On the face of it, there are enough similarities between the financial crises of 1929 and 2008 for Friedman to remain relevant. Before the Great Depression, ample supplies of cheap money fueled a stock market bubble. Attempting to curb such rampant speculation by tightening the money supply, the Fed plunged the economy into destructive deflation. Seventy years on, Alan Greenspan’s cheap money policy as Fed chief at the turn of the century stoked a housing bubble based on reckless lending. A stock market crash, the financial freeze, panic in the banks, George W. Bush’s “troubled asset” rescue and Obama’s near-trillion-dollar Keynesian stimulus followed in short order.
For followers of Friedman, Greenspan’s policy of keeping interest rates too low for too long was sure to lead to trouble. By happy chance, the person in charge of the Fed when the economy finally ran off the rails was Bernanke, a distinguished student of the Great Depression and a Friedman disciple. At a conference on the occasion of Friedman’s 90th birthday in 2002, Bernanke said to Freidman and Schwartz: “Regarding the Great Depression, you’re right. We [the Fed] did it. We’re very sorry. But, thanks to you, we won’t do it again.”
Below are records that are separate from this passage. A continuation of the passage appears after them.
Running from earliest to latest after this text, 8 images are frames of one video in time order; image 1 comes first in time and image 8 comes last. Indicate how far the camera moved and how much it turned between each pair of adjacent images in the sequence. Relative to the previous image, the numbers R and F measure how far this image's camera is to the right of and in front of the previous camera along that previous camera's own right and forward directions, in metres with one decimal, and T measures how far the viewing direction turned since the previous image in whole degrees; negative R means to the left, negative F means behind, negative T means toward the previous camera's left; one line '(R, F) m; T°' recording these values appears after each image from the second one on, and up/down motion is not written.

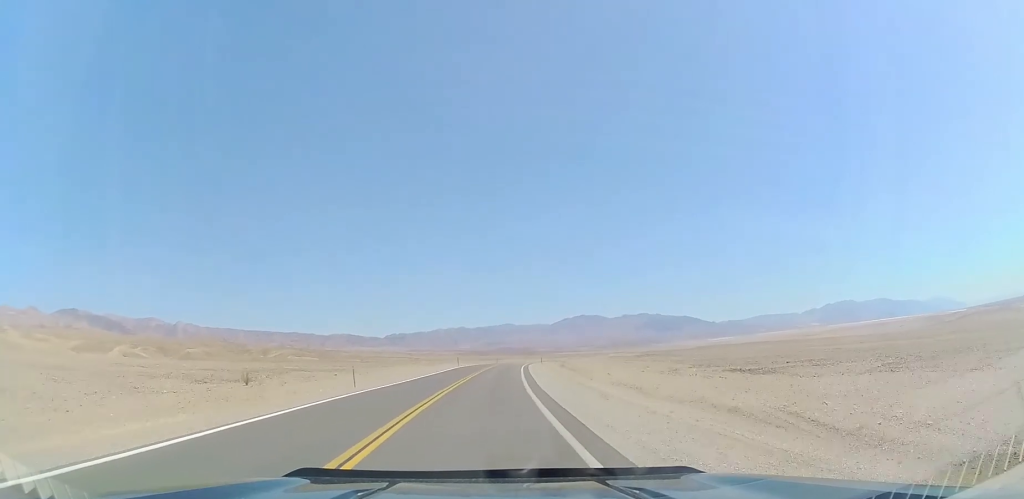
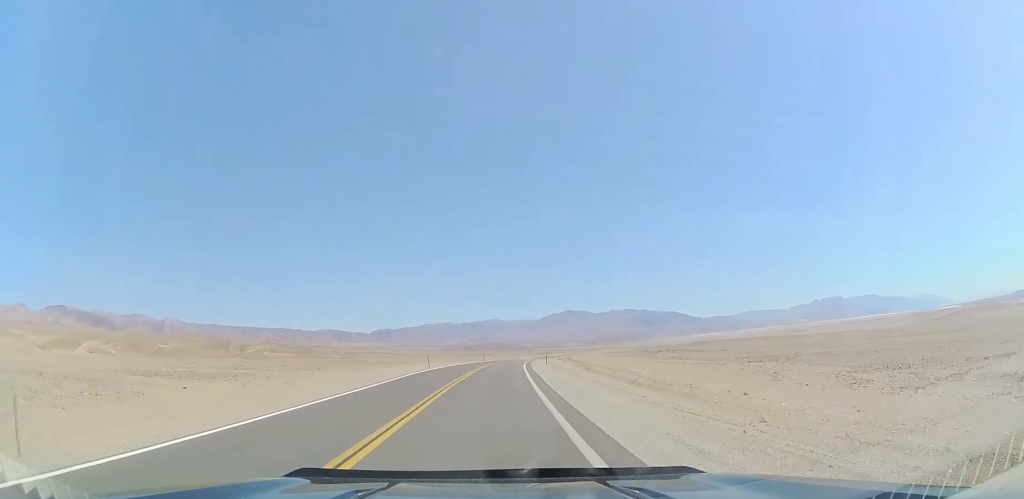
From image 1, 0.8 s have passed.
(-0.7, +23.2) m; +1°
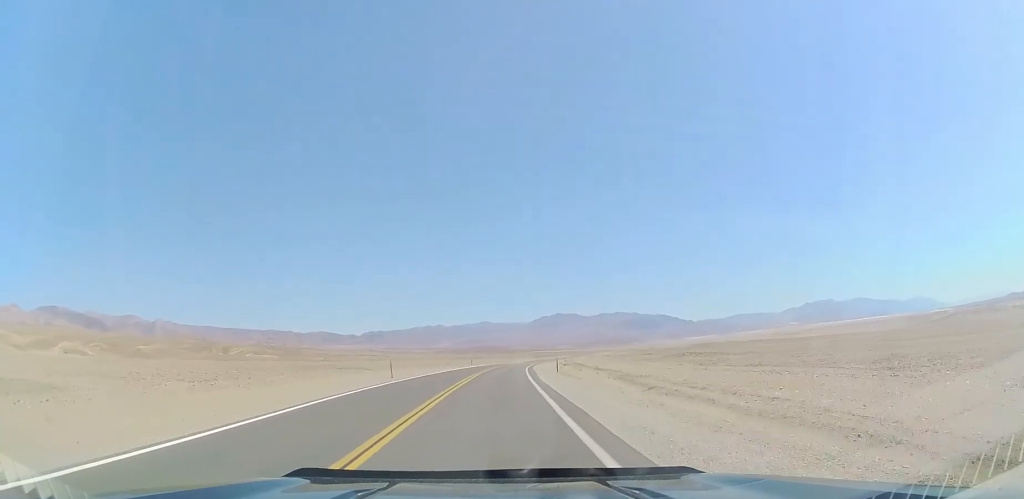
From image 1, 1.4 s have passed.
(0.0, +16.4) m; +2°
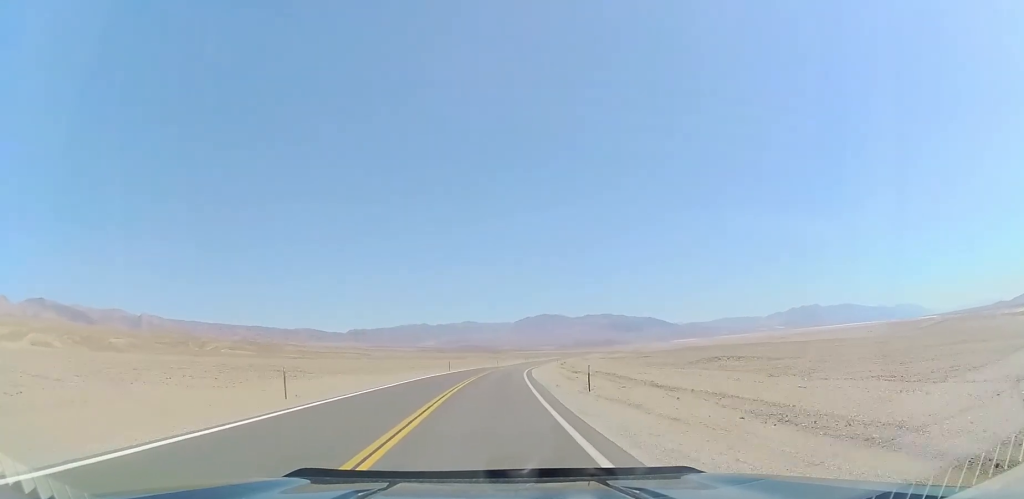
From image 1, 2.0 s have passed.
(+0.8, +18.3) m; +3°
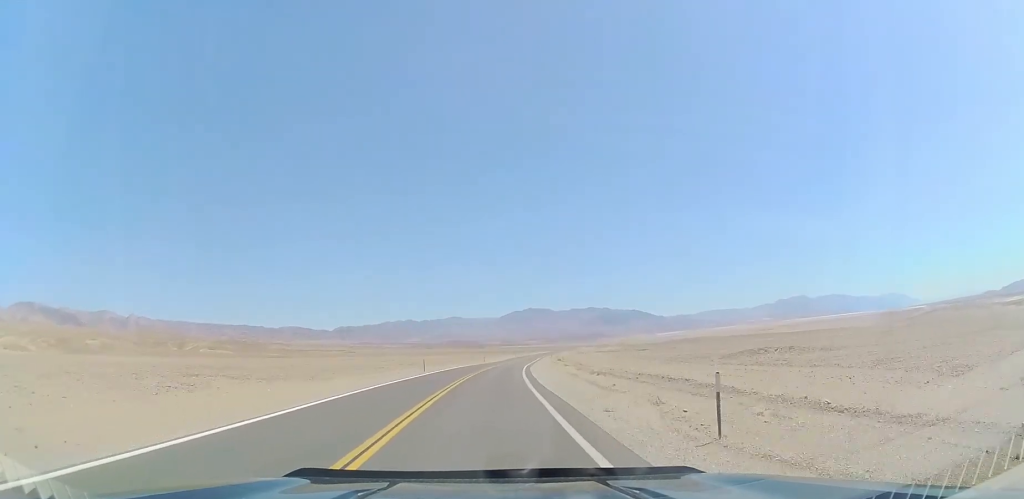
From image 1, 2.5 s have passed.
(+0.2, +14.5) m; +2°
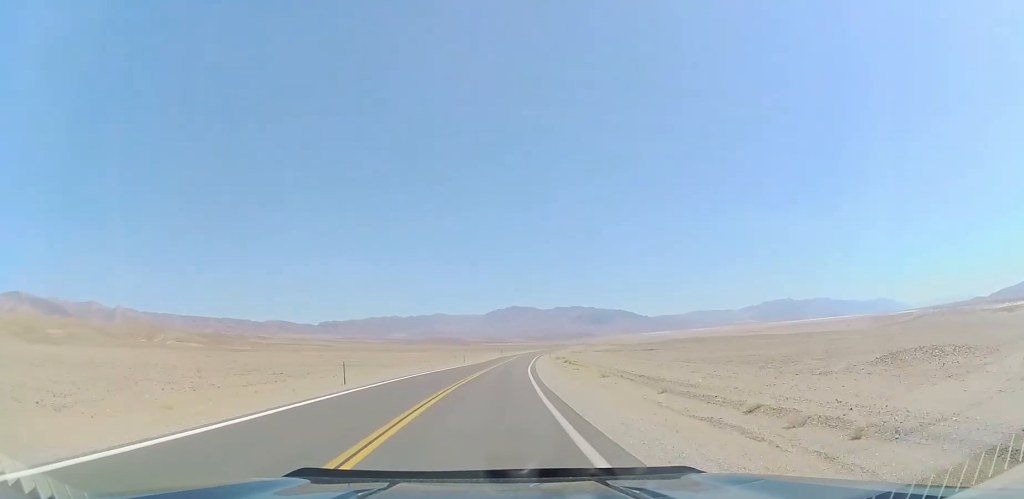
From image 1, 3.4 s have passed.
(+0.4, +25.2) m; +2°
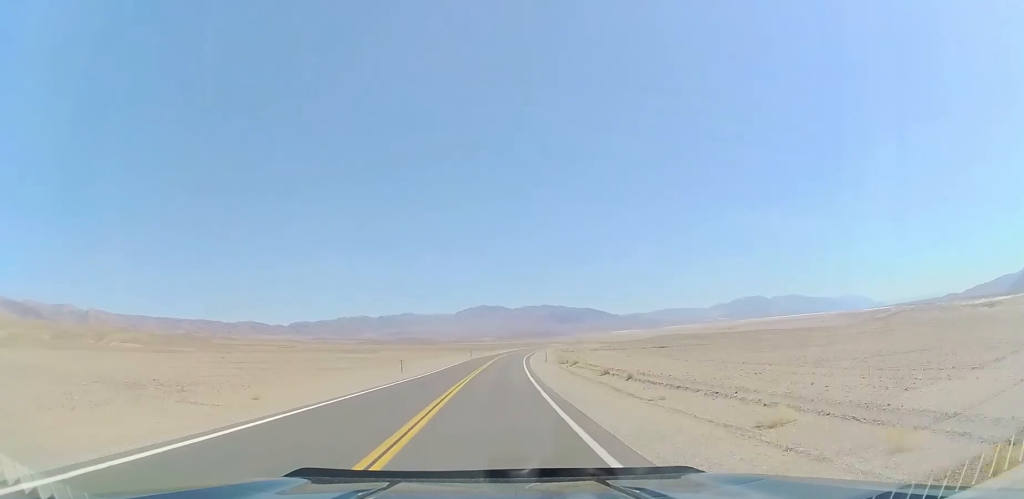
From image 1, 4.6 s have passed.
(+1.1, +34.9) m; +3°
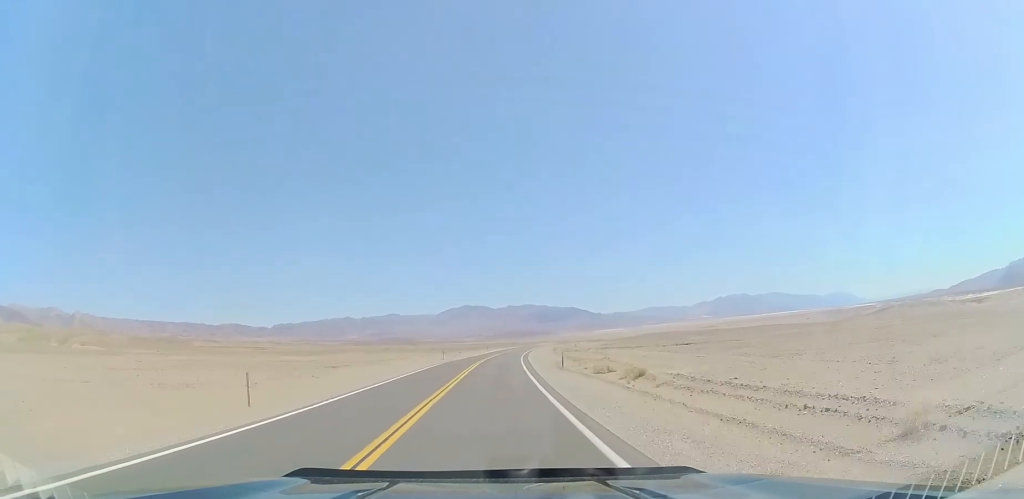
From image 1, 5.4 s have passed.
(+0.3, +25.3) m; +1°

Bernanke seemed like the right man at the right time, and his response to the financial turmoil was to follow Friedman’s advice and open the faucets wide, pumping money into the system through “quantitative easing” that provided long-term low interest rates to bolster business confidence. But Bernanke’s actions, while they followed Friedman’s advice to the letter, have brought opprobrium on the Fed chairman from his erstwhile conservative supporters.
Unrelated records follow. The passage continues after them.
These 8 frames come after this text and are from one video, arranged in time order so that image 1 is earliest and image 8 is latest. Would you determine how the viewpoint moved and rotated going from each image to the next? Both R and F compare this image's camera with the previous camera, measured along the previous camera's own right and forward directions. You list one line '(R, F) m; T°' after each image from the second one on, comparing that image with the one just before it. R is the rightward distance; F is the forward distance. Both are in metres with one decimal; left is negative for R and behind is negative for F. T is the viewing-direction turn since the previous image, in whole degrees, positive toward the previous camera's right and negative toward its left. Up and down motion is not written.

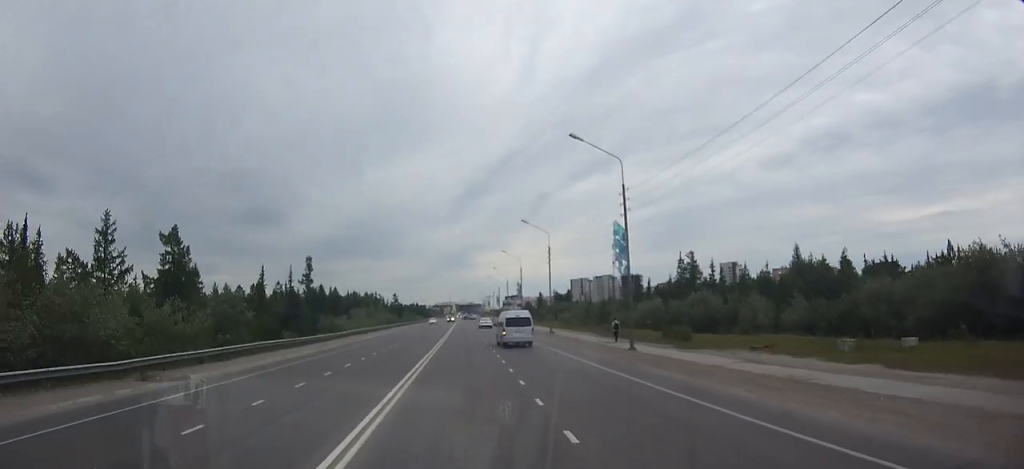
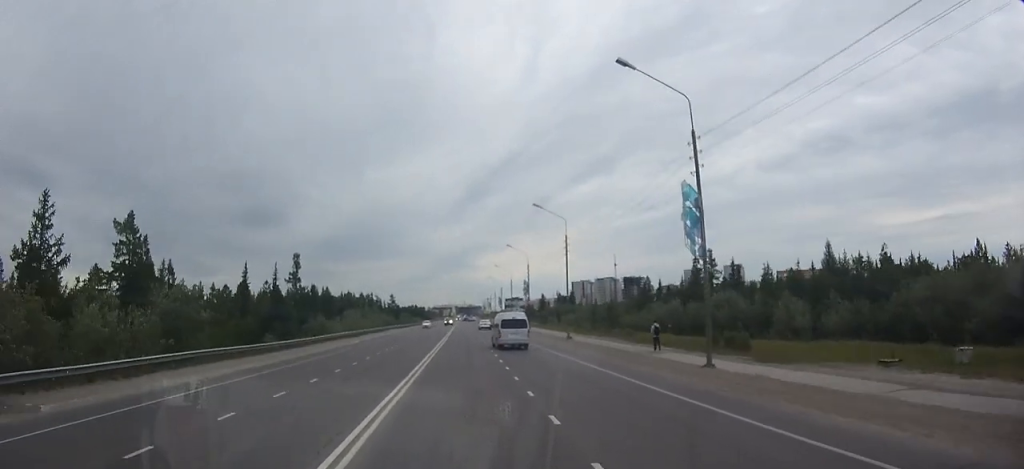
(0.0, +10.2) m; 0°
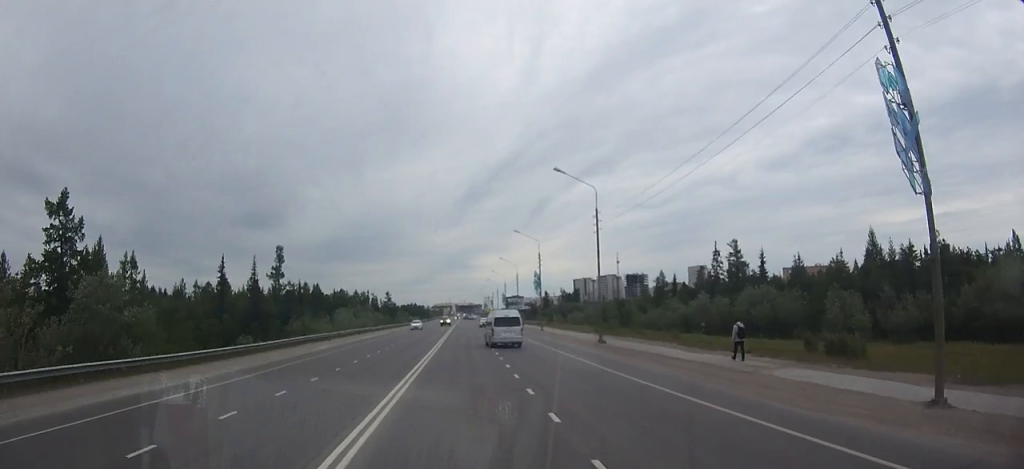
(0.0, +12.1) m; 0°
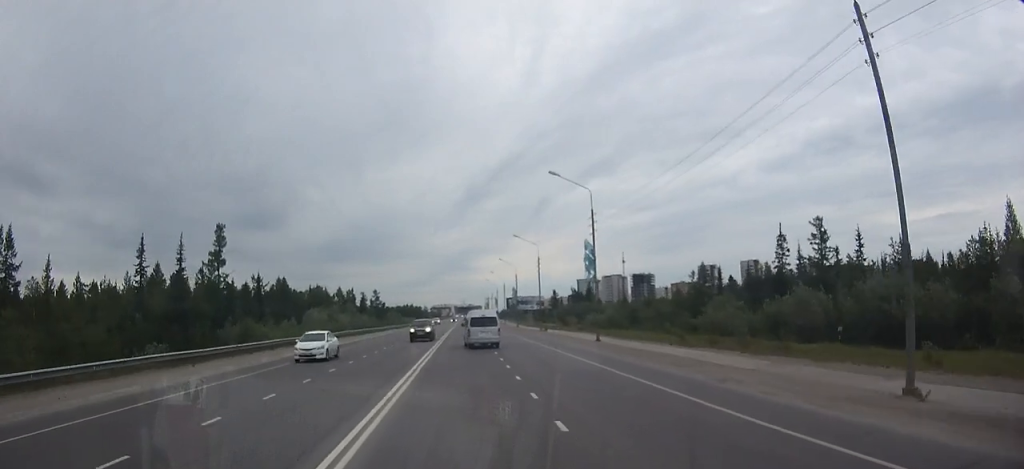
(-0.1, +30.5) m; 0°
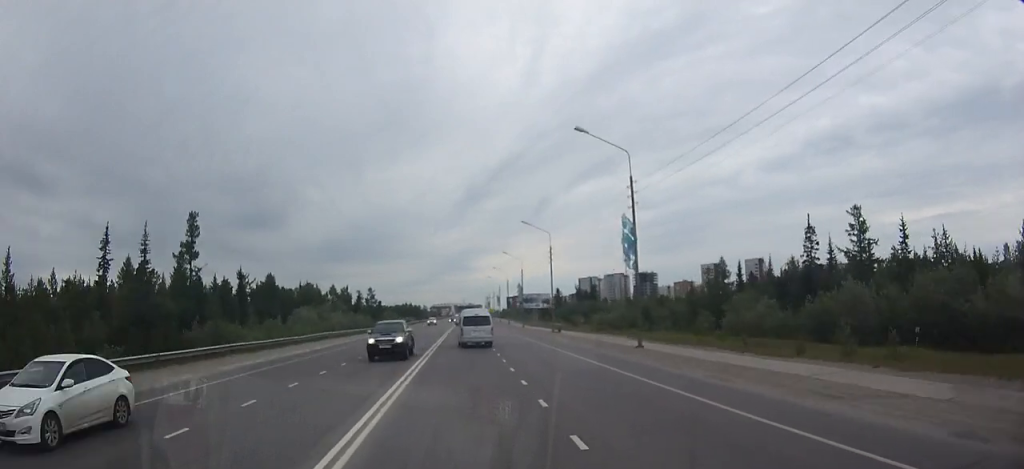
(0.0, +10.7) m; 0°
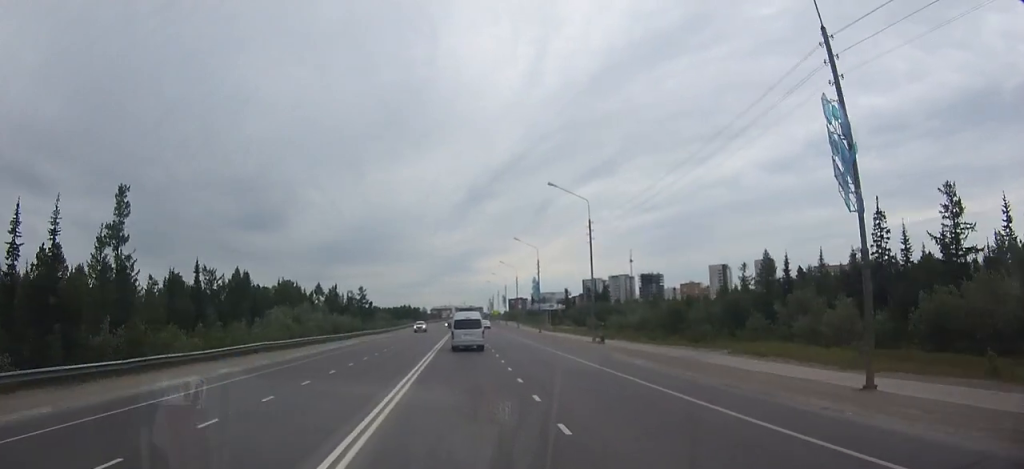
(0.0, +22.4) m; 0°
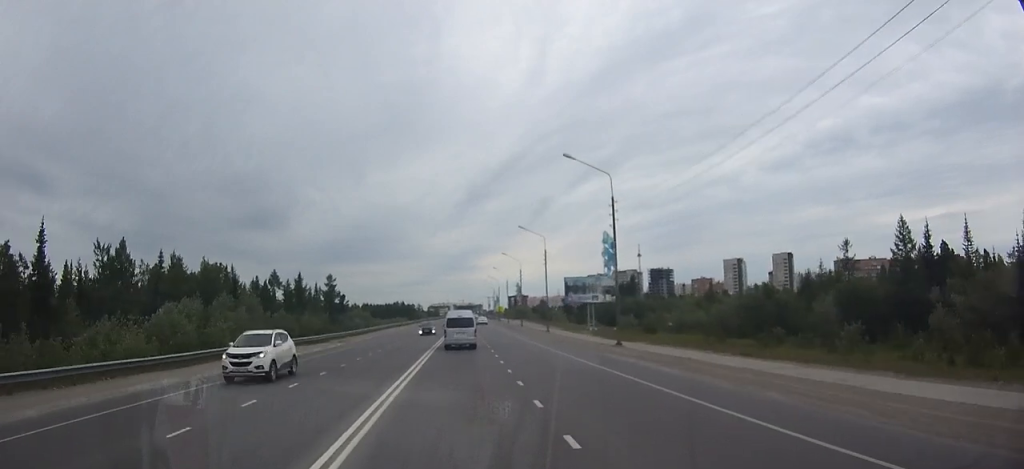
(+0.1, +45.1) m; 0°
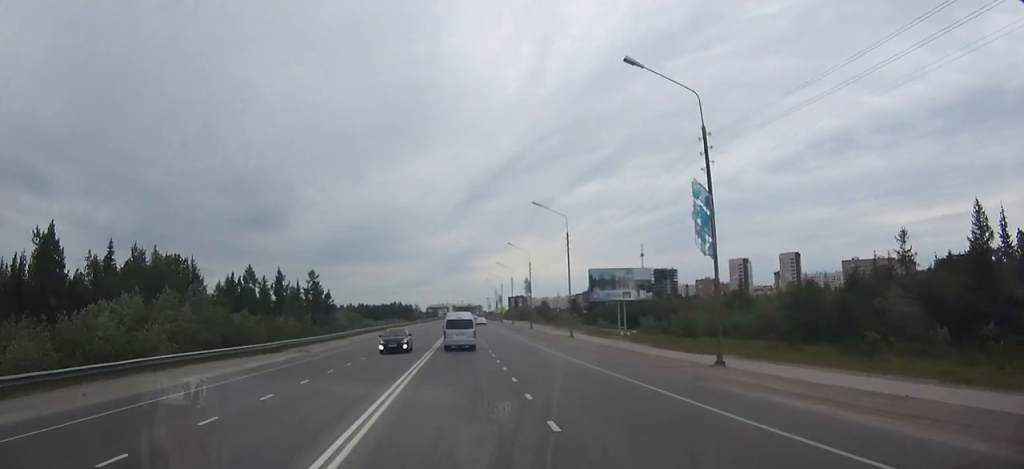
(0.0, +14.9) m; 0°

Indeed, despite their frequent invocations of Friedman, conservatives have long since abandoned the principles of his Chicago School remedies in favor of more stern solutions advocated by Austrian economists Ludwig von Mises and Friedrich Hayek. They want to reduce the size of the state as fast as possible by slashing government spending, paying off public debt quickly, cutting taxes and removing regulations from business.
Faced with a lifeless economy, would Friedman have taken Obama’s lead in demanding from Congress a new Keynesian spending stimulus? Unlikely. Friedman thought big government was economically inefficient and stood in the way of the private sector. He was “in favor of cutting taxes under any circumstances and for any excuse, for any reason, whenever it’s possible” because “the only effective way I think to hold [public spending] down is to hold down the amount of income the government has.”
But his devotion to cutting taxes is not enough for today’s conservatives, who have adopted a near-nihilistic view of the state. Friedman believed that the Fed has a right to manage the national economy and, contrary to Romney’s oversimplified depiction, that government has a role in making markets operate fairly. “The existence of a free market does not of course eliminate the need for government,” he wrote. “On the contrary, government is essential both as a forum for determining the ‘rules of the game’ and as an umpire to interpret and enforce the rules decided on.”
Today, Friedman has been left out in the cold. His belief in an ordered, managed economy through interest rates runs counter to prevailing conservative orthodoxies. It was his certainty — and the wit with which he delivered his message — that helped popularize his views around the globe. But the fact that he did not adopt absolutist positions on the size of the state and the evils of government has made his true views irrelevant among those he used to lead.
George Shultz, an economist and a former secretary of labor, Treasury and state, once joked that “everybody loves to argue with Milton, particularly when he isn’t there.” Alas, now that Friedman is truly gone, it seems that no one cares to grapple with his vision anymore.
Nicholas Wapshott is the author of “Keynes Hayek: The Clash That Defined Modern Economics.”